(TASK OBJECTIVE): Could the listing be repeated exactly, with every picture dropped?

(EXERCISE MATERIALS):
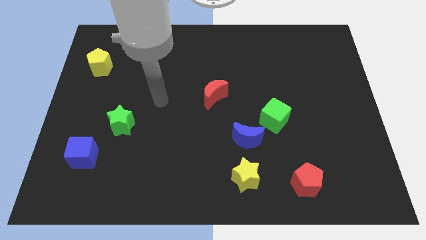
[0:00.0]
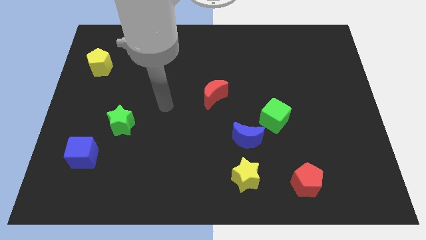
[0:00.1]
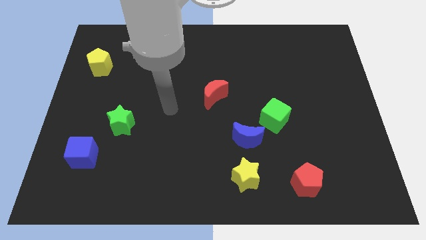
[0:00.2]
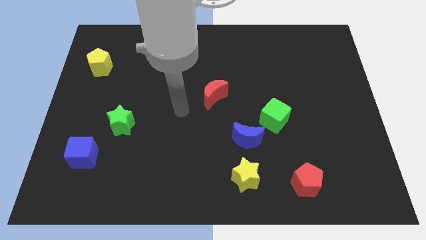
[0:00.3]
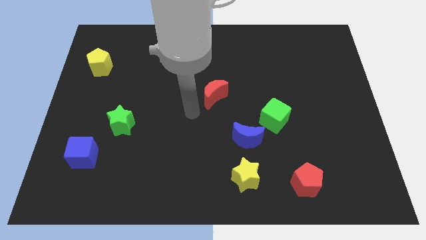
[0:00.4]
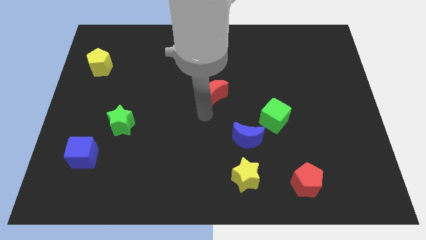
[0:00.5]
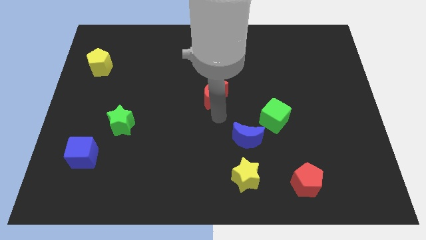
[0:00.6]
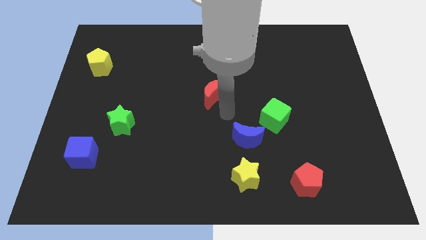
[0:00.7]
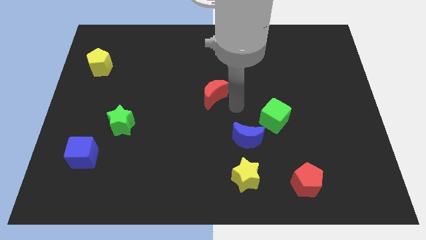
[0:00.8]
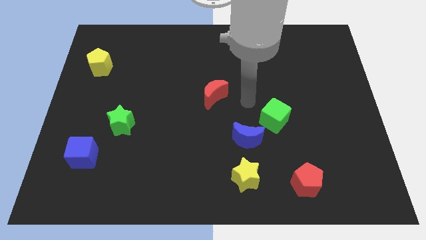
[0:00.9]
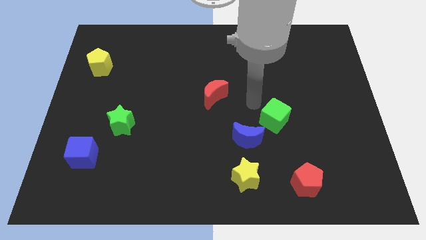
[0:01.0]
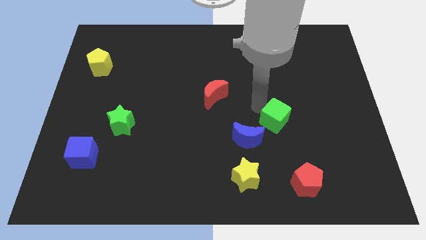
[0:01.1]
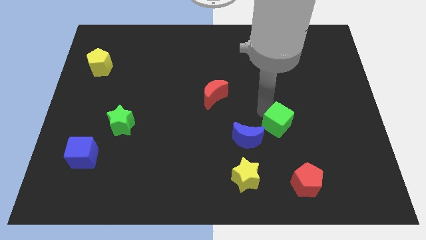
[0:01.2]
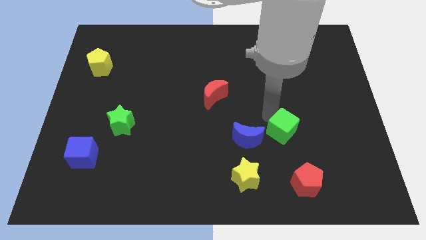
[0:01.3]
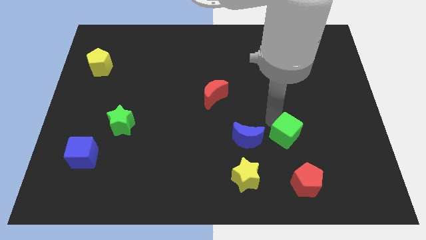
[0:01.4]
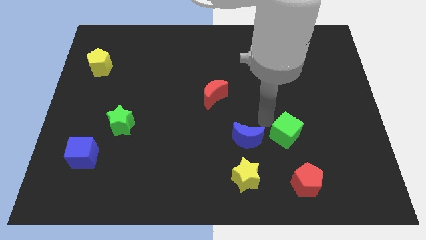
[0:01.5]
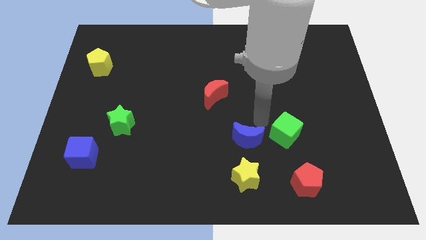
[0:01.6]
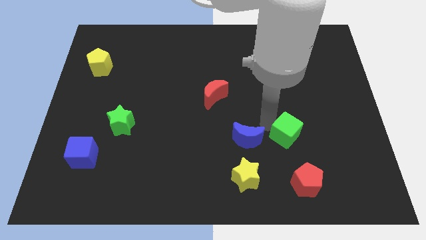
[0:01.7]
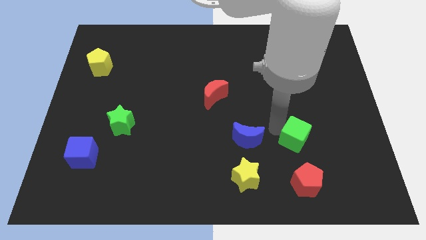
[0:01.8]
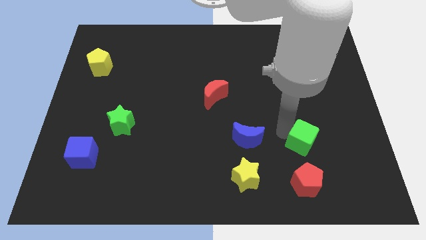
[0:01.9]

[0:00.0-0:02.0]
slightly push the green cube downwards and to the right

(TASK OUTPUT):
[0:00.0]
[0:00.1]
[0:00.2]
[0:00.3]
[0:00.4]
[0:00.5]
[0:00.6]
[0:00.7]
[0:00.8]
[0:00.9]
[0:01.0]
[0:01.1]
[0:01.2]
[0:01.3]
[0:01.4]
[0:01.5]
[0:01.6]
[0:01.7]
[0:01.8]
[0:01.9]

[0:00.0-0:02.0]
slightly push the green cube downwards and to the right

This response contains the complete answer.